Die Lohntransparenz-Richtlinie fordert eine geschlechtsunabhängige gleiche Bezahlung. Bei Abweichungen ab fünf Prozent müssen Unternehmen ab 2026 angleichen.(Bild:  C D/peopleimages.com - adobe.stock.com)
Die Lohntransparenz-Richtlinie fordert eine geschlechtsunabhängige gleiche Bezahlung. Bei Abweichungen ab fünf Prozent müssen Unternehmen ab 2026 angleichen.
(Bild: C D/peopleimages.com - adobe.stock.com)

Transparenz, Wertschätzung und Respekt – auf diesen Werten basiere die Unternehmenskultur von BMW, sagt Ilka Horstmeier, Arbeitsdirektorin und Vorstandsmitglied des Münchener Automobilkonzerns. Beleg dafür: 2023 erreichte der Autobauer als erstes Unternehmen in Deutschland die höchste Zertifizierung des Fair Pay Innovation Lab (FPI). Die Auszeichnung zeigt, dass die Vergütungsstrukturen bei BMW fair gestaltet sind und es keine signifikanten Abweichungen im Gesamtvergütungspaket von Frauen und Männern gibt.

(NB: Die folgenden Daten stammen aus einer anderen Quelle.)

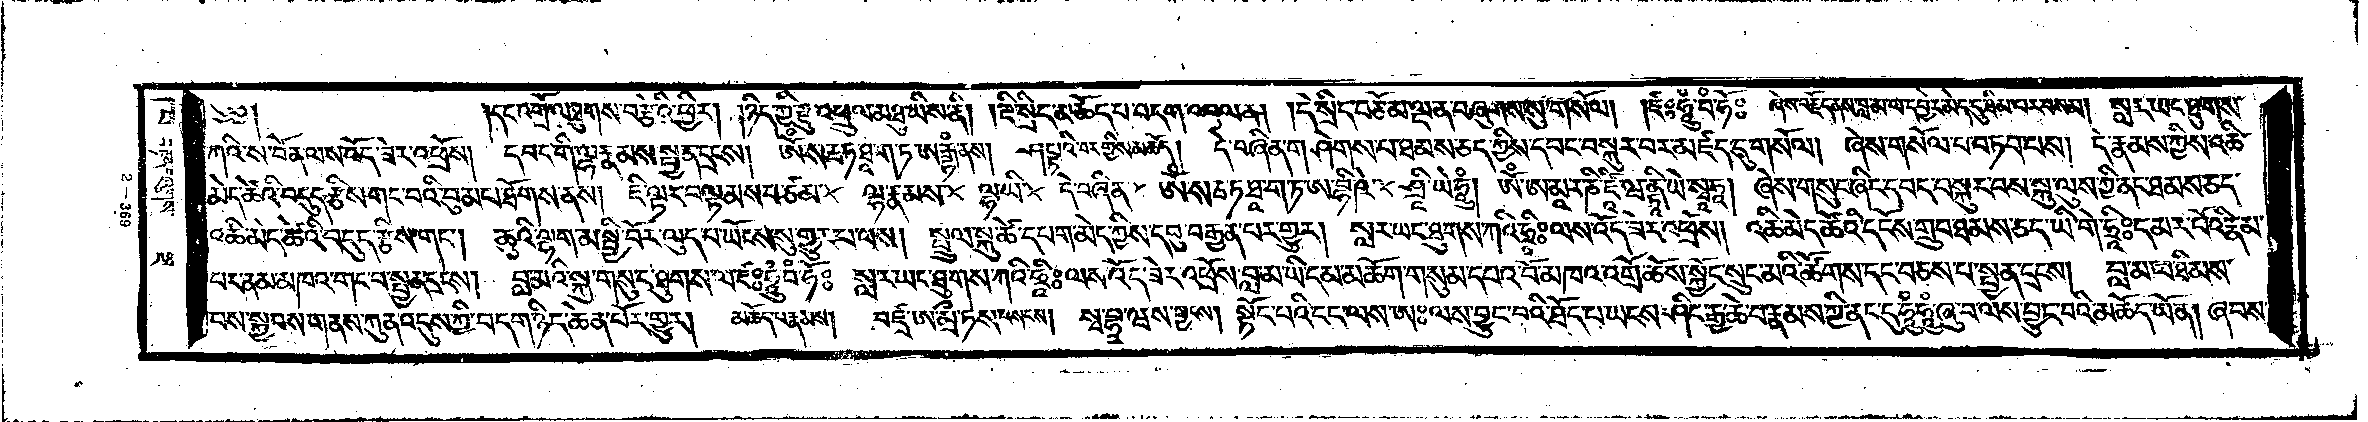༄༅། །དང་འགྲོལ་ཐུགས་བརྩེའི་ཕྱིར། །ཉིད་ཀྱི་རྫུ་འཕྲུལ་མཐུ་ཡིས་ནི། །ཇི་སྲིད་མཆོད་པ་བདག་འབུལ་ན། །དེ་སྲིད་བཅོམ་ལྡན་བཞུགས་སུ་གསོལ། །ཛཿཧཱུཾ་ཕོཾ་ཧོཿ ཞེས་བརྗོད་ནས་བླ་མ་ལ་དབྱེར་མེད་དུ་ཐིམ་པར་བསམ།  སླར་ཡང་ཐུགས་
ཀའི་ས་བོན་ལས་འོད་ཟེར་འཕྲོས། དབང་གི་ལྷ་རྣམས་སྤྱན་དྲངས། ཨོཾ་སརྦ་ཏ་ཐ་ག་ཏ་ཨརྒྷཾ་ནས། ཤཔྟའི་བར་གྱིས་མཆོད།  དེ་བཞིན་གཤེགས་པ་ཐམས་ཅད་ཀྱིས་དབང་བསྐུར་བར་མཛད་དུ་གསོལ། ཞེས་གསོལ་བ་བཏབ་པས། དེ་རྣམས་ཀྱིས་འཆི་
མེད་ཚེའི་བདུད་རྩིས་གང་བའི་བུམ་པ་ཐོགས་ནས། ཇི་ལྟར་བལྟམས་བ་ཙམ་྾་ལྷ་རྣམས་྾་ལྷ་ཡི་྾་དེ་བཞིན་྾་ཨོཾ་སརྦ་ཏ་ཐཱ་ག་ཏ་ཨ་བྷི་ཥེ་྾་ཤྲཱི་ཡེ་ཧཱུཾ། ཨོཾ་ཨ་མཱ་རཱ་ཎི་ཛཱི་ཝ་ནྟཱི་ཡེ་སྭཱཧཱ། ཞེས་གསུང་ཞིང་དབང་བསྐུར་བས་སྐུ་ལུས་ཀྱི་ནང་ཐམས་ཅད་
འཆི་མེད་ཚེའི་བདུད་རྩིས་གང་། ཆུའི་ལྷག་མ་སྤྱི་བོར་ལུད་པ་ཡོངས་སུ་གྱུར་པ་ལས། སྤྲུལ་སྐུ་ཚེ་དཔག་མེད་ཀྱིས་དབུ་བརྒྱན་པར་གྱུར། སླར་ཡང་ཐུགས་ཀའི་ཧྲཱིཿལས་འོད་ཟེར་འཕྲོས། འཆི་མེད་ཚོའི་དངོས་གྲུབ་ཐམས་ཅད་ཡི་གེ་ཧྲཱིཿདམར་པོའི་རྣམ་
པར་ནམ་མཁའ་གང་བ་སྤྱན་དྲངས། བླ་མའི་སྐུ་གསུང་ཐུགས་ལ་ཛཿཧཱུཾ་བཾ་ཧོཿསླར་ཡང་ཐུགས་ཀའི་ཧྲཱིཿལས་འོད་ཟེར་འཕྲོས་བླ་མ་ཡི་དམ་མཆོག་གསུམ་དཔའ་བོ་མཁའ་འགྲོ་ཆོས་སྐྱོང་སྲུང་མའི་ཚོགས་དང་བཅས་པ་སྤྱན་དྲངས། བླ་མ་ལ་ཐིམས་
པས་སྐྱབས་གནས་ཀུན་འདུས་ཀྱི་བདག་ཉིད་ཆེན་པོར་གྱུར། མཆོད་པ་རྣམས།  བཛྲ་ཨ་མྲྀ་ཏས་བསངས། སྭ་བྷཱ་ཝས་བྱངས། སྟོང་པའི་ངང་ལས་ཨཿལས་བྱུང་བའི་ཐོད་པ་ཡངས་ཤིང་རྒྱ་ཆེ་བ་རྣམས་ཀྱི་ནང་དུ་ཧཱུཾ་ཧཱུཾ་ཞུ་བ་ལས་བྱུང་བའི་མཆོད་ཡོན། ཞབས་

„Auf diese Auszeichnung sind wir besonders stolz“, so Horstmeier. „Sie belegt, dass unsere Vergütungsstrukturen im Hinblick auf Equal Pay wirksam sind. Faire Gehälter sind für uns eine Selbstverständlichkeit.“ Die BMW Group stehe für das Prinzip Leistung und Gegenleistung, gerechte Arbeitsbedingungen und ein von Vielfalt geprägtes Arbeitsumfeld.